A 3D model could be a great tool for decision makers when assessing different options for the route of new subsurface infrastructure. The 3D model offers a rapid and easily communicated picture of the risks and opportunities associated with each route — putting the options into a much clearer perspective.
Another example of a sector that can benefit from 3D geological models is landfill. Common challenges in landfill projects include protecting groundwater through proper drainage, restricting uncontrolled run-off and, most importantly, ensuring that significant groundwater resources are not jeopardised by the landfill. So, for a landfill expansion project, 3D modelling can provide better geological and hydrogeological insights into the project site and surrounding areas to identify potential groundwater risk pathways if a release from a landfill were to occur.

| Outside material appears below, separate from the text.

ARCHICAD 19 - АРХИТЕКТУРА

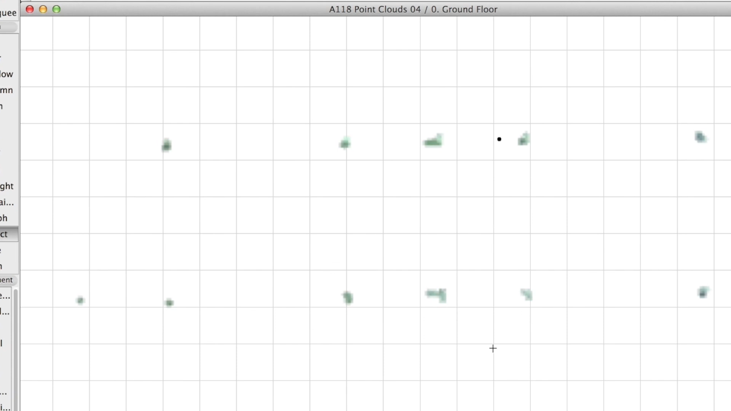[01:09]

A new world of communication and engagement
Whether represented onscreen or translated into physical outputs or even into virtual reality experiences, 3D models open a new world of communication and engagement with clients and stakeholders. When a 3D model is communicated effectively, it ‘puts everything in perspective’. Finally, everyone involved in or affected by the project can clearly ‘see’ what the detailed technical drawings, charts and graphs are showing. Furthermore, the project team and client can interact with the model and collaborate more effectively to test options, explore the impacts of changes, and understand the areas of uncertainty and corresponding risk.

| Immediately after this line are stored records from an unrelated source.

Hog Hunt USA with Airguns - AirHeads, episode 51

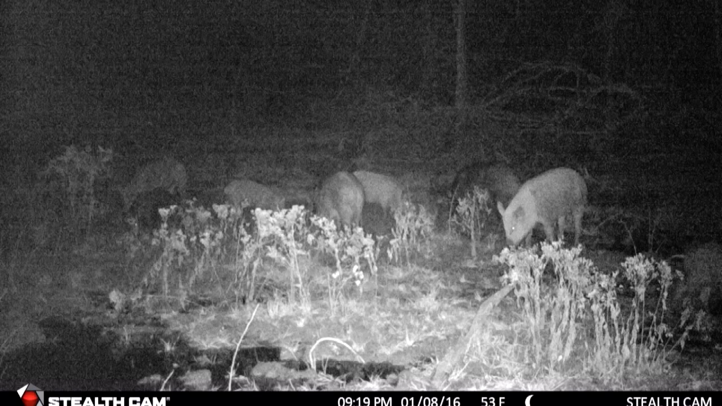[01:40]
The camera kit noise in the high seat might have scared them so we move to another feed station.
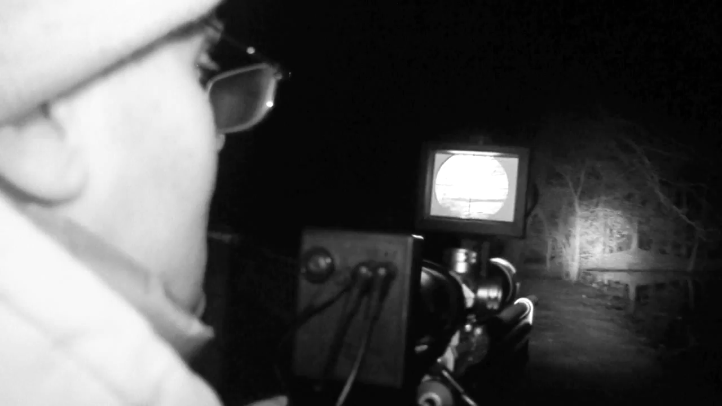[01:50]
It's Dave's turn to pull the trigger. The pigs are aware of something but they hold still for long enough for Dave to get a perfect head shot.
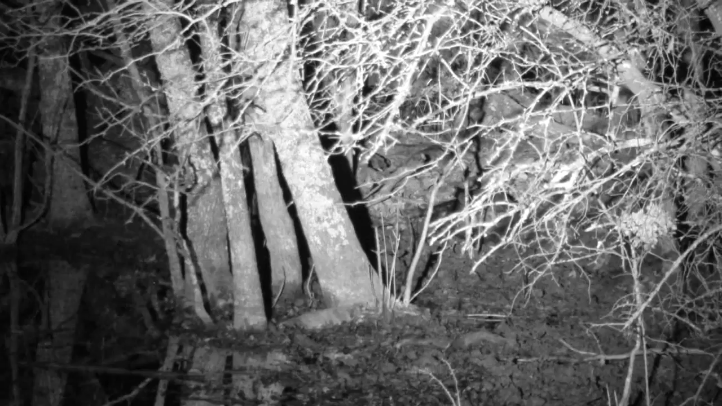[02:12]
We have seen animals drop to the shop before but not like this. What we shot was a 70 pound sow with a crossman marauder right above the eye, exit on the other side, little pig drop like a rock.
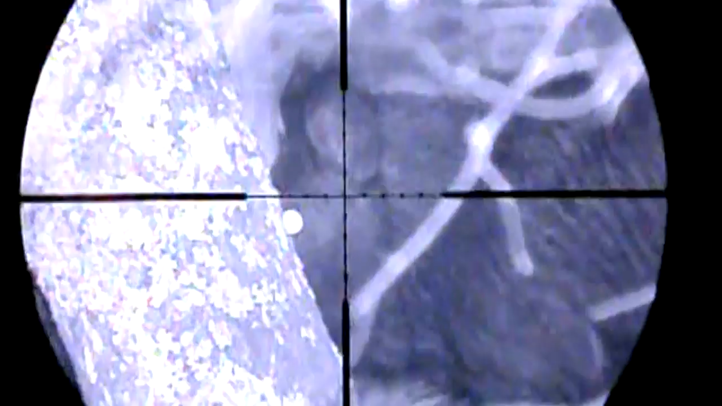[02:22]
This will be great eating, great eating pig. Shooting boar with an air rifle is controversial, especially in Europe,
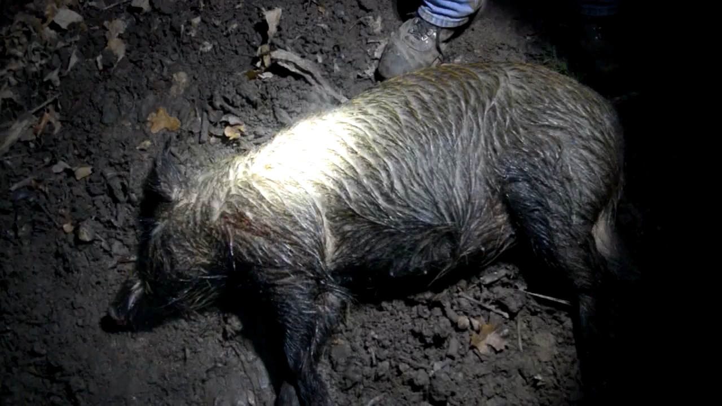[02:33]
but in America they love this kind of hunting and we have seen that when the shot is executed properly they are not going anywhere.
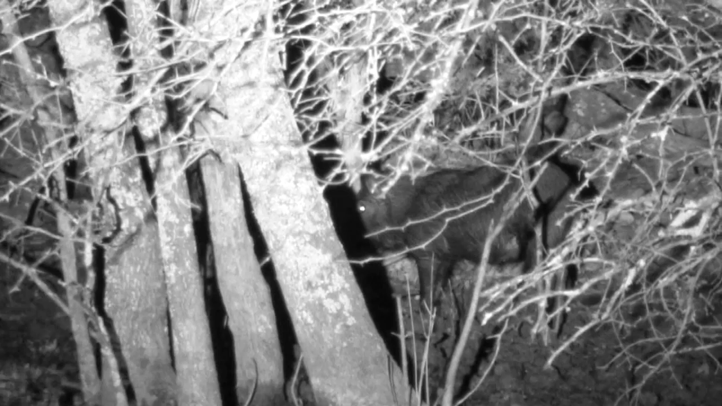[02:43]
This is the maximum I would shoot with that gun, but it works fine on that size pigs if you hit them in the brain. You have to put the bullet in the right spot, much more so than you would with a firearm.
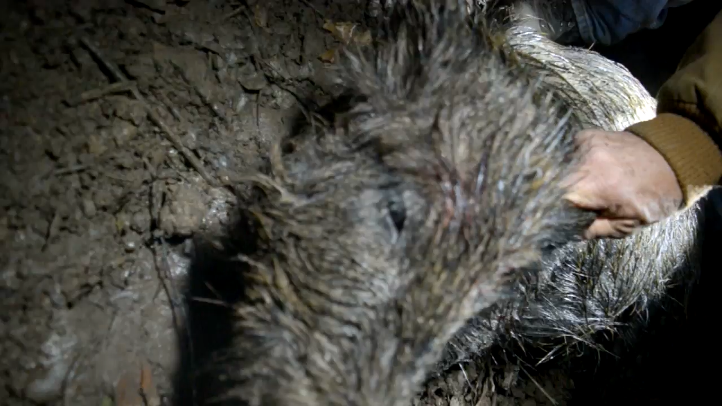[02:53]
Their brain is about the size of a quarter, so if you miss that brain you are not hitting anything, the bullet will just pass through and the hog will run off.
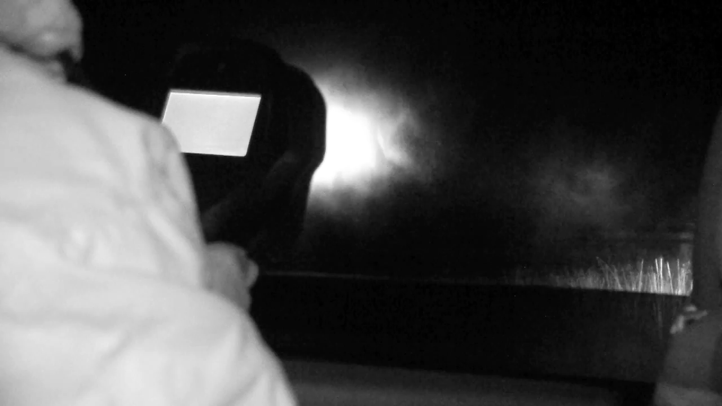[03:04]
For more about Night Sight go to nightsight.com.
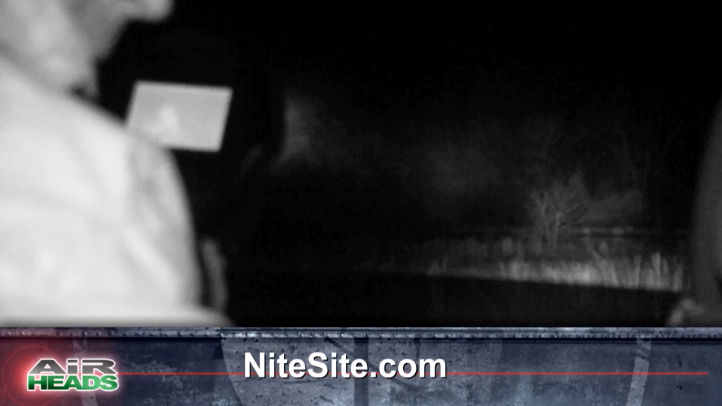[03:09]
Well done all and accurate shooting by Dave there.

Many projects across engineering and design disciplines involve community concerns about visual impacts. Visual impact assessments (VIA) are a game-changer in this arena, providing an unparalleled view of how a design will look in the real world. The VIA includes 3D vantage points showing lines of sight and potential obstructions or impacts on views from residential or commercial areas. This makes it possible to clearly demonstrate options to the public at the design stage and shows the community how much care is being taken to achieve the optimum design. Taking the community along on the journey and building social acceptance early will reduce risks to the project’s progress and add to its potential for success.
Getting 3D in perspective
As with any technology or technique, getting good results from 3D depends on using it well and wisely. This requires specialised skill sets and software, as well as good data and a clear, shared understanding of the level of confidence or ambiguity in the model. The inputs need to be accurate for the model to be reliable and robust. As more data becomes available, or as conditions change, the model will need to be updated. An inaccurate or outdated model could cause more problems than it solves.
That said, under the right conditions, 3D modelling offers an unprecedented level of processing power translated into a form that human minds can easily interpret. With the increased perspective and clarity gained through 3D, project teams are likely to communicate key information more effectively and make better decisions. Those decisions influence risk, revenue, cost, efficiency and productivity, and they determine the success of projects and businesses.
Ultimately, for geologists, engineers and related professions, 3D modelling offers an opportunity to get better results across infrastructure and geotechnical projects, particularly if project teams can see beyond the most obvious value of 3D modelling as a presentation tool, and look to embrace its power and scope for design, decision-making, and risk reduction. There is much to be gained by becoming more digitally enabled to see the biggest and clearest picture in this complex and rapidly transforming world.